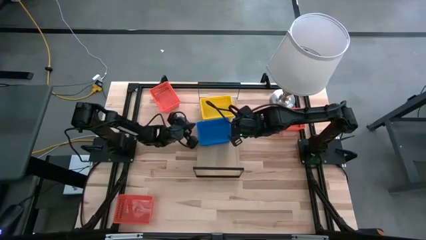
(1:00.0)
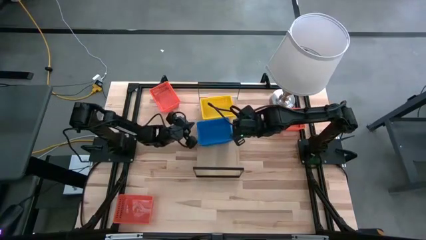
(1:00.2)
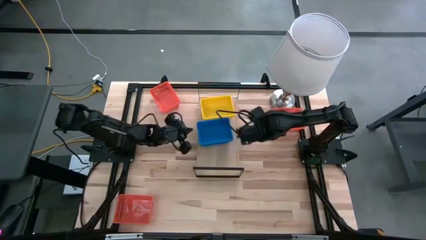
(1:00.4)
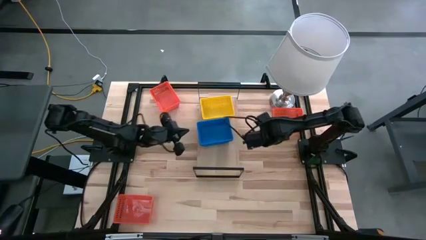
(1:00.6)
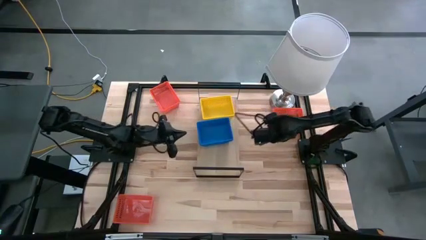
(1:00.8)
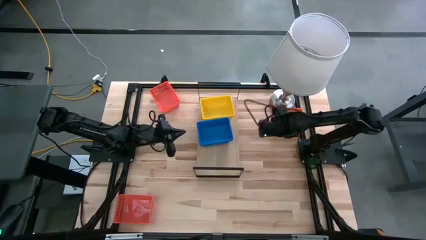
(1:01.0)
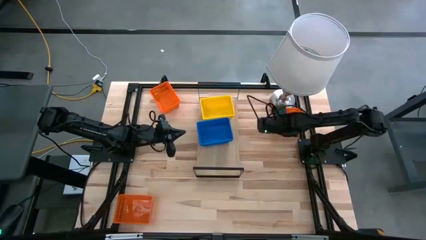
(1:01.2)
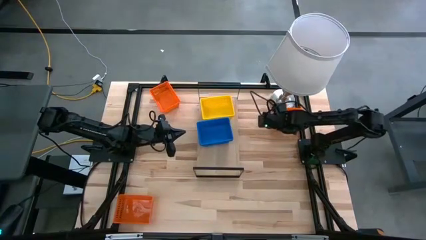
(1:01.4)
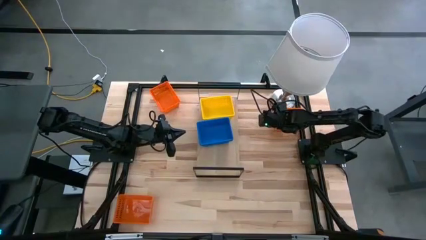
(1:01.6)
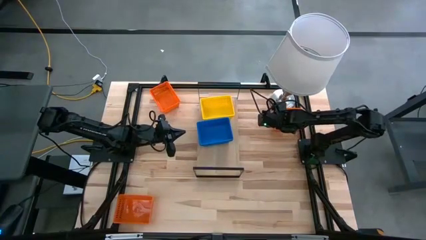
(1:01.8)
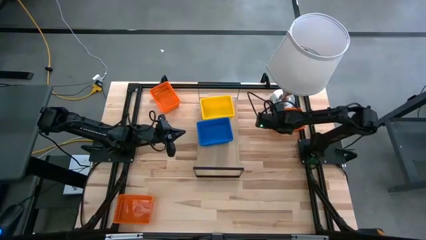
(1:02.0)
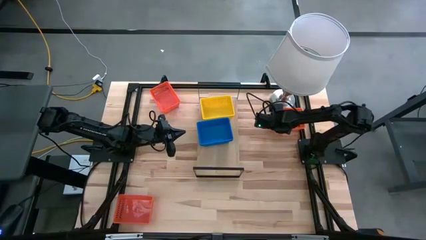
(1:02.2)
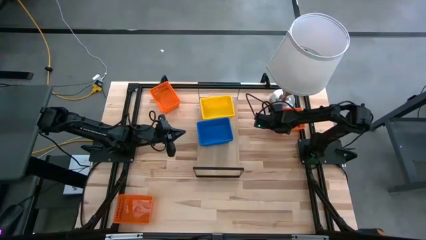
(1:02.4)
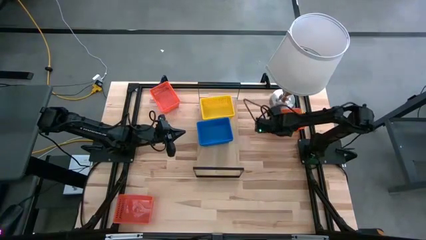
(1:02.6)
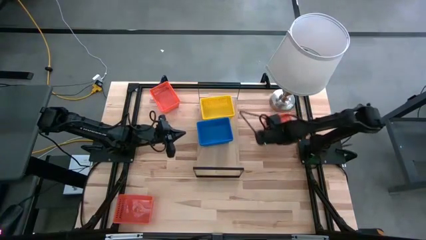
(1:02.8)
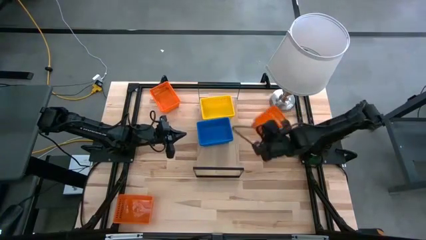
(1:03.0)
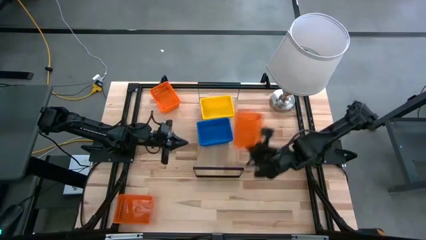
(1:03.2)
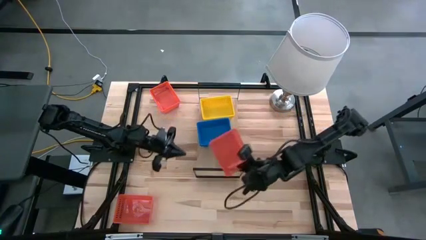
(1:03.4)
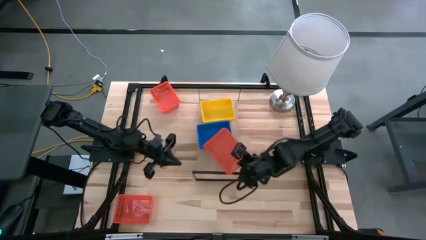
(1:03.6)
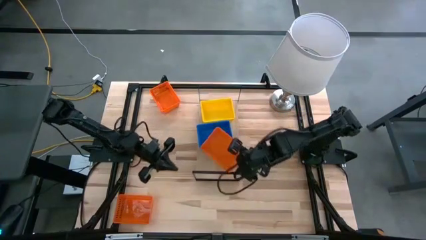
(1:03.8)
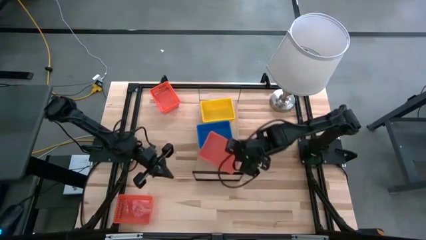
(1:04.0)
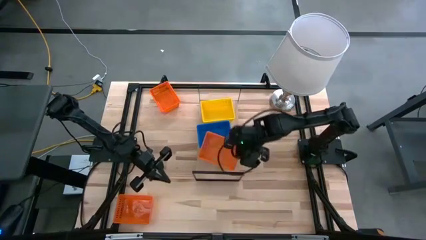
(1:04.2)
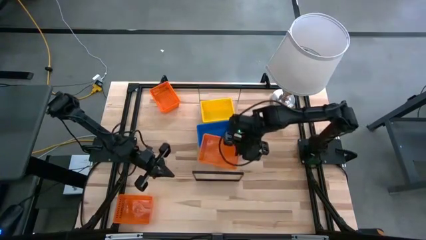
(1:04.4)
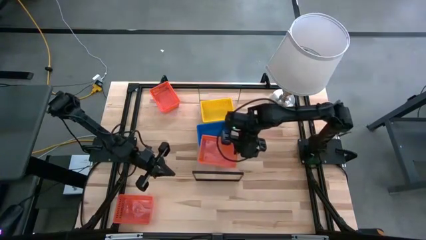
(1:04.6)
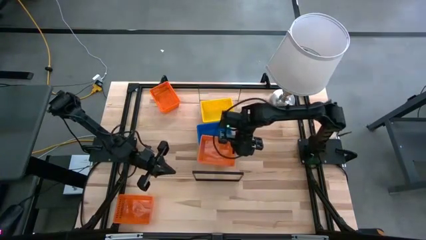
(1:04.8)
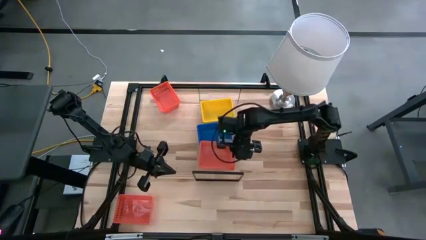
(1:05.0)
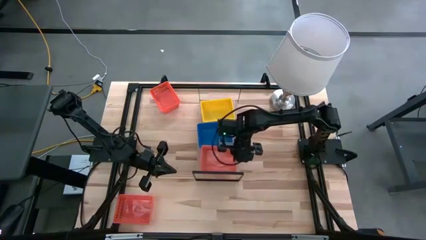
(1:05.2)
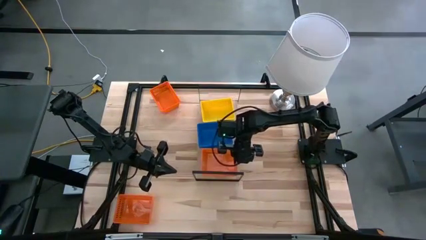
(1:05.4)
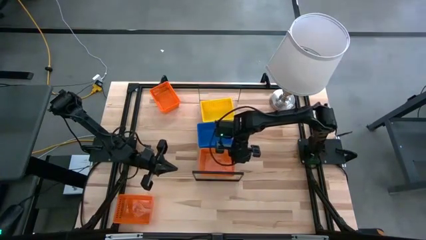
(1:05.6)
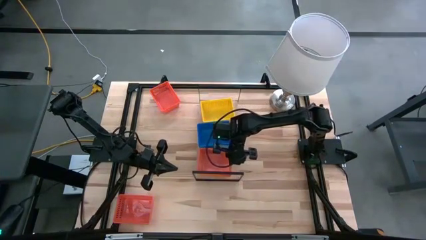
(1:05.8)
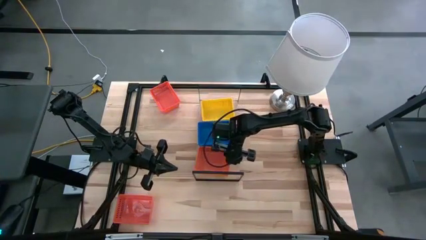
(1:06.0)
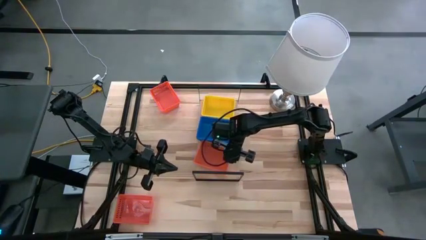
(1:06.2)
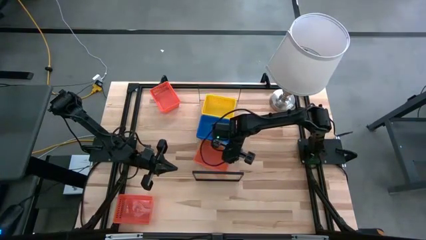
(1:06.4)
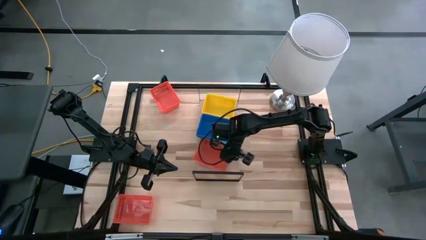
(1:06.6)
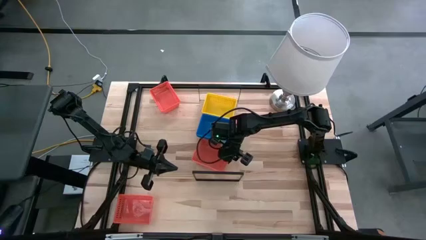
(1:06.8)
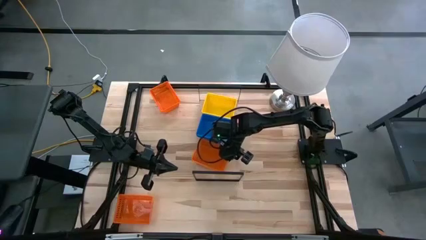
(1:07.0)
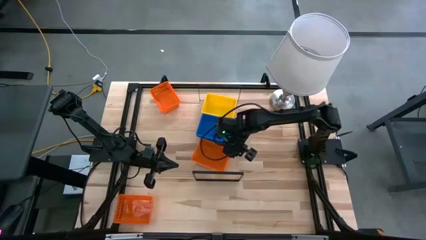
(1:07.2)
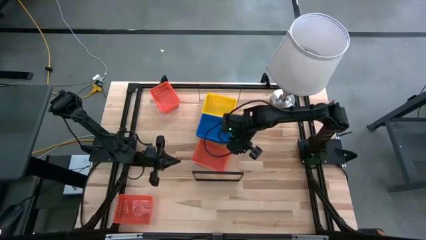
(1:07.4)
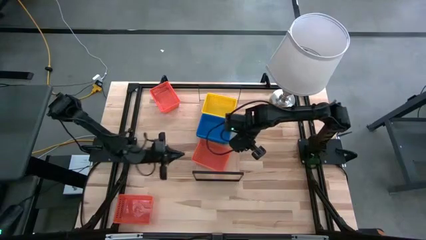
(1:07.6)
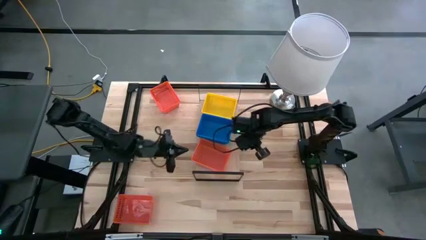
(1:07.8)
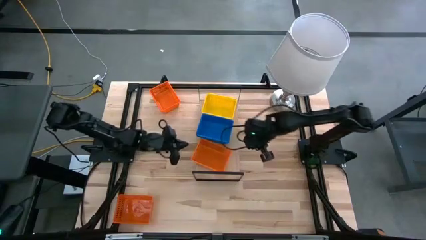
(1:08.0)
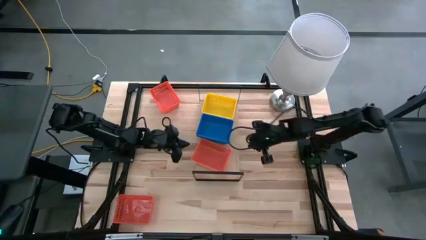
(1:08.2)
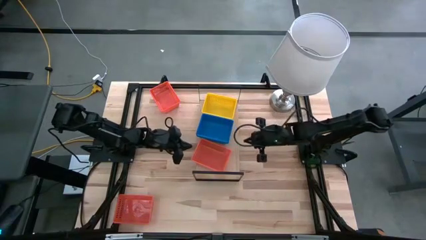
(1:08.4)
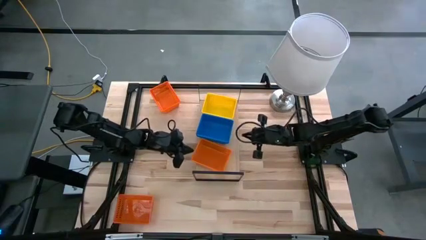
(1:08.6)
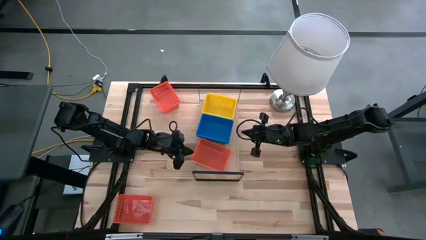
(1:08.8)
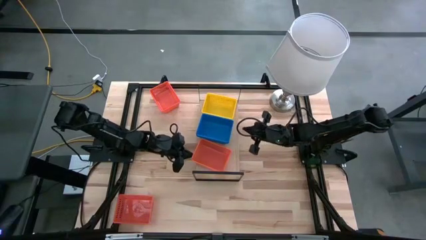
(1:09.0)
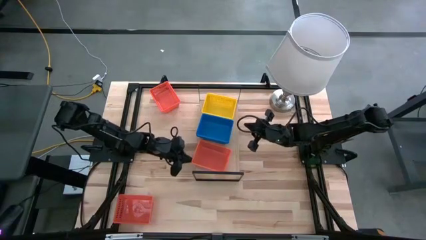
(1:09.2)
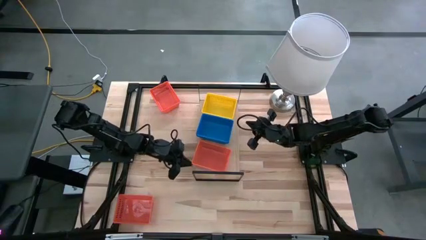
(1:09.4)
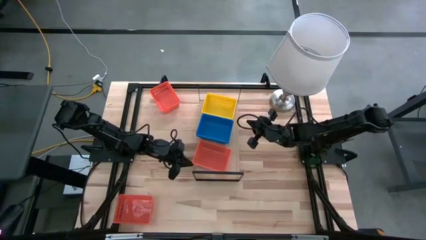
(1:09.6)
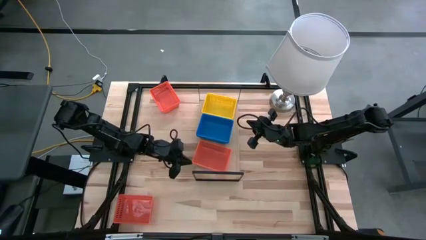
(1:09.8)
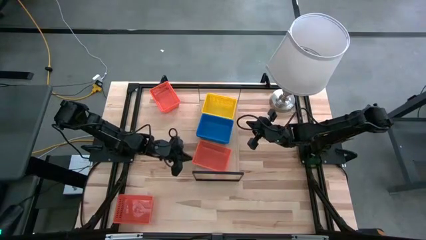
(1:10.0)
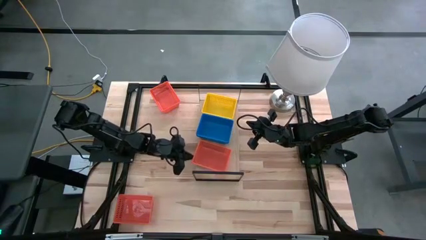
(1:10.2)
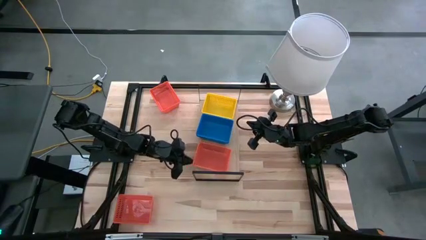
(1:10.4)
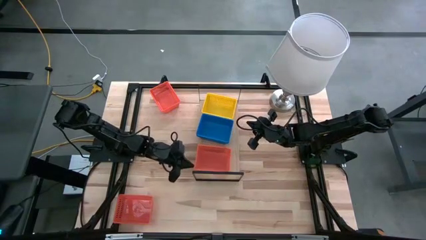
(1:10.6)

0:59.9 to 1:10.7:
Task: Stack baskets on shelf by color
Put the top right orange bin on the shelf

TASK OBJECTIVE: Output all of the records word for word, and keep the pictures out of the copy.

RESPONSE BOX:
(1:00.0)
(1:00.2)
(1:00.4)
(1:00.6)
(1:00.8)
(1:01.0)
(1:01.2)
(1:01.4)
(1:01.6)
(1:01.8)
(1:02.0)
(1:02.2)
(1:02.4)
(1:02.6)
(1:02.8)
(1:03.0)
(1:03.2)
(1:03.4)
(1:03.6)
(1:03.8)
(1:04.0)
(1:04.2)
(1:04.4)
(1:04.6)
(1:04.8)
(1:05.0)
(1:05.2)
(1:05.4)
(1:05.6)
(1:05.8)
(1:06.0)
(1:06.2)
(1:06.4)
(1:06.6)
(1:06.8)
(1:07.0)
(1:07.2)
(1:07.4)
(1:07.6)
(1:07.8)
(1:08.0)
(1:08.2)
(1:08.4)
(1:08.6)
(1:08.8)
(1:09.0)
(1:09.2)
(1:09.4)
(1:09.6)
(1:09.8)
(1:10.0)
(1:10.2)
(1:10.4)
(1:10.6)

0:59.9 to 1:10.7:
Task: Stack baskets on shelf by color
Put the top right orange bin on the shelf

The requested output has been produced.